[PROBLEM DETAILS] From the first line to the last, write out the records exactly.

--- RAW DATA Enclosed Below ---

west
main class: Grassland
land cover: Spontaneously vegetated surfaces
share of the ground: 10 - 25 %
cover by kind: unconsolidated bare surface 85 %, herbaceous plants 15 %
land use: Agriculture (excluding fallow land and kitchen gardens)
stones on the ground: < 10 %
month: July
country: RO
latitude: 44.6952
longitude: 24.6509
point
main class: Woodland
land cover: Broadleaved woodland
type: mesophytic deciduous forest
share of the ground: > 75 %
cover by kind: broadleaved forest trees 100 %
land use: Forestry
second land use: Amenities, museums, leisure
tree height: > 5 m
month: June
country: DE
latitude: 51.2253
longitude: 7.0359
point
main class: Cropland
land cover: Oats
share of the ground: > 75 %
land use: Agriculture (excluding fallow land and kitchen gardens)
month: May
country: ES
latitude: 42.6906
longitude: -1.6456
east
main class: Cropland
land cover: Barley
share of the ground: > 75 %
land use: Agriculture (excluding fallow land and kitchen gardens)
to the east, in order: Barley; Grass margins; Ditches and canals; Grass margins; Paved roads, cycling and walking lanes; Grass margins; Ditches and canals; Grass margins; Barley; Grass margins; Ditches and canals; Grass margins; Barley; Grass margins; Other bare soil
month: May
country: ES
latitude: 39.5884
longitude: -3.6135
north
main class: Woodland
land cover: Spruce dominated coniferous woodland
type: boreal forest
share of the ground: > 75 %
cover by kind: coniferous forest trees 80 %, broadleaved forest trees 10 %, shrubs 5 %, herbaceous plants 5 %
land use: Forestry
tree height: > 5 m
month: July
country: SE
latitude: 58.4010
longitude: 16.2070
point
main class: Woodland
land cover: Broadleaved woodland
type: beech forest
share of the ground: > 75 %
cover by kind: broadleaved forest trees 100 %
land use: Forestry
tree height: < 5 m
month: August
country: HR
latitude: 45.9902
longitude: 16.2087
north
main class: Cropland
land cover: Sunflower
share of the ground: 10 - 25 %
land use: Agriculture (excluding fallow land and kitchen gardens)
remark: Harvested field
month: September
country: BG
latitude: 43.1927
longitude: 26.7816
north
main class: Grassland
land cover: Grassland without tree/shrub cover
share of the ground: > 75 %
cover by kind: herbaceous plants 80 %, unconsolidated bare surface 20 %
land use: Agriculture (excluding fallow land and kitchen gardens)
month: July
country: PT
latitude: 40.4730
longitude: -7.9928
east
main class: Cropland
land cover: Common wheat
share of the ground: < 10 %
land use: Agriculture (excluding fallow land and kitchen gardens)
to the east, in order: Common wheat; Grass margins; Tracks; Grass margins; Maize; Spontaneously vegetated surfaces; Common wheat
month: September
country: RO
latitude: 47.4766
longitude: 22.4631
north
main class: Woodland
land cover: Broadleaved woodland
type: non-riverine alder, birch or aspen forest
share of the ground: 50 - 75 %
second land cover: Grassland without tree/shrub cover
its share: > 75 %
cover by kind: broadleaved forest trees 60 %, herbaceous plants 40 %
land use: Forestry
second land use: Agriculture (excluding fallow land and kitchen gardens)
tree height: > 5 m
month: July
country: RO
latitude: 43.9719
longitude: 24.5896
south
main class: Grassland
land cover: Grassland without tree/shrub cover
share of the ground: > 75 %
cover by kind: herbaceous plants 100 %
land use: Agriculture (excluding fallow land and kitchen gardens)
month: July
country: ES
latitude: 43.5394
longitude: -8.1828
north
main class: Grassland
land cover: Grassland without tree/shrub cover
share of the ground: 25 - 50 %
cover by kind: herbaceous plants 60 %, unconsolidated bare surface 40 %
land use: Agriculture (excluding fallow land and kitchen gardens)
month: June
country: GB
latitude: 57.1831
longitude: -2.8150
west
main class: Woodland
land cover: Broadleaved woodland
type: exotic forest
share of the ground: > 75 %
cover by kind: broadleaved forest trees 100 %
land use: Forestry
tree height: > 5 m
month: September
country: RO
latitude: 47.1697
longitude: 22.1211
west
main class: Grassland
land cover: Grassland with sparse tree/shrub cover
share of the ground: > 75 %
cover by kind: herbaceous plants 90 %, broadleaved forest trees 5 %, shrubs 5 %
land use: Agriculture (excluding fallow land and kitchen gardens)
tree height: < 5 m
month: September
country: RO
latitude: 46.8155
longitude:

--- End of Enclosed RAW DATA ---

[TASK RESULT]
west
main class: Grassland
land cover: Spontaneously vegetated surfaces
share of the ground: 10 - 25 %
cover by kind: unconsolidated bare surface 85 %, herbaceous plants 15 %
land use: Agriculture (excluding fallow land and kitchen gardens)
stones on the ground: < 10 %
month: July
country: RO
latitude: 44.6952
longitude: 24.6509
point
main class: Woodland
land cover: Broadleaved woodland
type: mesophytic deciduous forest
share of the ground: > 75 %
cover by kind: broadleaved forest trees 100 %
land use: Forestry
second land use: Amenities, museums, leisure
tree height: > 5 m
month: June
country: DE
latitude: 51.2253
longitude: 7.0359
point
main class: Cropland
land cover: Oats
share of the ground: > 75 %
land use: Agriculture (excluding fallow land and kitchen gardens)
month: May
country: ES
latitude: 42.6906
longitude: -1.6456
east
main class: Cropland
land cover: Barley
share of the ground: > 75 %
land use: Agriculture (excluding fallow land and kitchen gardens)
to the east, in order: Barley; Grass margins; Ditches and canals; Grass margins; Paved roads, cycling and walking lanes; Grass margins; Ditches and canals; Grass margins; Barley; Grass margins; Ditches and canals; Grass margins; Barley; Grass margins; Other bare soil
month: May
country: ES
latitude: 39.5884
longitude: -3.6135
north
main class: Woodland
land cover: Spruce dominated coniferous woodland
type: boreal forest
share of the ground: > 75 %
cover by kind: coniferous forest trees 80 %, broadleaved forest trees 10 %, shrubs 5 %, herbaceous plants 5 %
land use: Forestry
tree height: > 5 m
month: July
country: SE
latitude: 58.4010
longitude: 16.2070
point
main class: Woodland
land cover: Broadleaved woodland
type: beech forest
share of the ground: > 75 %
cover by kind: broadleaved forest trees 100 %
land use: Forestry
tree height: < 5 m
month: August
country: HR
latitude: 45.9902
longitude: 16.2087
north
main class: Cropland
land cover: Sunflower
share of the ground: 10 - 25 %
land use: Agriculture (excluding fallow land and kitchen gardens)
remark: Harvested field
month: September
country: BG
latitude: 43.1927
longitude: 26.7816
north
main class: Grassland
land cover: Grassland without tree/shrub cover
share of the ground: > 75 %
cover by kind: herbaceous plants 80 %, unconsolidated bare surface 20 %
land use: Agriculture (excluding fallow land and kitchen gardens)
month: July
country: PT
latitude: 40.4730
longitude: -7.9928
east
main class: Cropland
land cover: Common wheat
share of the ground: < 10 %
land use: Agriculture (excluding fallow land and kitchen gardens)
to the east, in order: Common wheat; Grass margins; Tracks; Grass margins; Maize; Spontaneously vegetated surfaces; Common wheat
month: September
country: RO
latitude: 47.4766
longitude: 22.4631
north
main class: Woodland
land cover: Broadleaved woodland
type: non-riverine alder, birch or aspen forest
share of the ground: 50 - 75 %
second land cover: Grassland without tree/shrub cover
its share: > 75 %
cover by kind: broadleaved forest trees 60 %, herbaceous plants 40 %
land use: Forestry
second land use: Agriculture (excluding fallow land and kitchen gardens)
tree height: > 5 m
month: July
country: RO
latitude: 43.9719
longitude: 24.5896
south
main class: Grassland
land cover: Grassland without tree/shrub cover
share of the ground: > 75 %
cover by kind: herbaceous plants 100 %
land use: Agriculture (excluding fallow land and kitchen gardens)
month: July
country: ES
latitude: 43.5394
longitude: -8.1828
north
main class: Grassland
land cover: Grassland without tree/shrub cover
share of the ground: 25 - 50 %
cover by kind: herbaceous plants 60 %, unconsolidated bare surface 40 %
land use: Agriculture (excluding fallow land and kitchen gardens)
month: June
country: GB
latitude: 57.1831
longitude: -2.8150
west
main class: Woodland
land cover: Broadleaved woodland
type: exotic forest
share of the ground: > 75 %
cover by kind: broadleaved forest trees 100 %
land use: Forestry
tree height: > 5 m
month: September
country: RO
latitude: 47.1697
longitude: 22.1211
west
main class: Grassland
land cover: Grassland with sparse tree/shrub cover
share of the ground: > 75 %
cover by kind: herbaceous plants 90 %, broadleaved forest trees 5 %, shrubs 5 %
land use: Agriculture (excluding fallow land and kitchen gardens)
tree height: < 5 m
month: September
country: RO
latitude: 46.8155
longitude:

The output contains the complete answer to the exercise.